The answer lies in the difference between happiness and joy. Happiness depends on circumstances—on things going well, on receiving good news, on life unfolding as we plan and hope. Joy, however, is something deeper. Joy is the choice to affirm life even when circumstances would justify despair.
As Tevye from “Fiddler on the Roof” famously sang: “God would like us to be joyful, even when our hearts lie panting on the floor.”
Although these words come from a fictional musical, they echo a profound reality in Jewish thought. In 1964, when Chana Schneerson, the mother of the Lubavitcher Rebbe—Rabbi Menachem Mendel Schneerson—passed away, many esteemed rabbis and Jewish leaders came to pay their respects to the Rebbe. One of them asked, “If it is a commandment to serve God with joy, how can one possibly fulfill this in a state of mourning?”
The Rebbe answered that while it is painful to mourn, there is a joy that runs even deeper than our circumstances, and that is the joy of fulfilling God’s will. When we serve our Creator, we tap into a joy that exists beyond our personal pain. This joy doesn’t erase our grief, but coexists with it, allowing us to move forward even in our darkest moments.
This sense of coexistence between joy and suffering has existed throughout Jewish history. From our people’s earliest victories over our oppressors through Michelle’s triumphant walk down the aisle, we acknowledge that the very act of rising—of moving forward, of declaring joy in the face of devastation is an example of profound defiance, faith and healing.
Michelle’s walk to the chuppah didn’t begin at the end of the red carpet or even on Oct. 7, but stretches back through 3,500 years of Jewish triumph. Every step she took was a victory over our enemies—over the Egyptians, who sought to erase us 3,300 years ago; over the Romans, who attempted the same 2,000 years ago; over the Spaniards, who sought to eradicate us 500 years ago; and over the Nazis, who tried to exterminate us 80 years ago and failed miserably.
Her steps weren’t without pain. But she understood that we dance through darkness not because the pain isn’t real, but because the light within us shines brighter than any darkness.

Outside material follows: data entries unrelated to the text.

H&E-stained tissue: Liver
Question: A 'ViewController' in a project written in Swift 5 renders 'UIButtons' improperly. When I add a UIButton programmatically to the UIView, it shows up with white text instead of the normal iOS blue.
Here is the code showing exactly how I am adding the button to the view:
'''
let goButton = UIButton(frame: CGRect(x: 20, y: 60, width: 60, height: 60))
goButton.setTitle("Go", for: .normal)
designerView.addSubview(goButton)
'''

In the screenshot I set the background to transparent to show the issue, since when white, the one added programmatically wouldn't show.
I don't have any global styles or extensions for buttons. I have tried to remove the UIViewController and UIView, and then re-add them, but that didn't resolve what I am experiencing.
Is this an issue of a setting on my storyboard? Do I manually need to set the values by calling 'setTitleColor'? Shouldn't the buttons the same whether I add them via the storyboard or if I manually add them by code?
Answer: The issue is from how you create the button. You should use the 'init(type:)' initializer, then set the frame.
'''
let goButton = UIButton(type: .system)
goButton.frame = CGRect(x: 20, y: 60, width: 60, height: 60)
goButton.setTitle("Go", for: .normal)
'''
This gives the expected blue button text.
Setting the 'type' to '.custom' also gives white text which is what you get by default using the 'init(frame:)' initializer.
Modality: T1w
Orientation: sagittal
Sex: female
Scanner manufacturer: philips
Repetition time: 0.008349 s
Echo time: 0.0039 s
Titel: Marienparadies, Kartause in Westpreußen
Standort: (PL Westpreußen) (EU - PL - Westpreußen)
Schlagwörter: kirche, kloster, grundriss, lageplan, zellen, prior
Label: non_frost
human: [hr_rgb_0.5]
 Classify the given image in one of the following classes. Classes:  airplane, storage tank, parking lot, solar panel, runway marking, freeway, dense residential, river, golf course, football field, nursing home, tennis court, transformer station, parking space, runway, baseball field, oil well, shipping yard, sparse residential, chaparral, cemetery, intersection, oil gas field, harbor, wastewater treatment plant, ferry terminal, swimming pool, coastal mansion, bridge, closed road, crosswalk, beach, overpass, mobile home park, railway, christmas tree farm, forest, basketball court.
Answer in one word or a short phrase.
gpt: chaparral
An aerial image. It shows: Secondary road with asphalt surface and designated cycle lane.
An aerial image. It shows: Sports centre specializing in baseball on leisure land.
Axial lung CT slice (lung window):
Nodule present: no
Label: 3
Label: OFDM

Our people’s secret to resilience also comes through our unparalleled unity. Michelle’s recovery was sustained by her husband Rinat’s unwavering presence. Rabbi Zeira’s spirit is lifted by thousands of Jews worldwide who pray for him, visit his bedside and send his family messages of hope.
What we learn from every wedding, bar mitzvah and celebratory occasion is that as Jews, we never dance alone. We are held up by the love of those closest to us and carried forward by the prayers and support of our entire people. That refusal to let anyone face their darkness in isolation is what has sustained us in the past and will continue in the future.
This Simchat Torah, as we celebrate and mourn simultaneously, let us remember: Joy is not the absence of pain, but the refusal to let pain have the final word. Whether we’re taking our first steps after trauma, supporting someone through a journey to recovery or simply showing up for our community when it feels impossible, we are all dancing through darkness together.
For this is what it means to be Jewish—to move forward, even when enduring pain. To declare, “I want to get up and dance,” even from a hospital bed. And to keep dancing, even when the music seems to have stopped.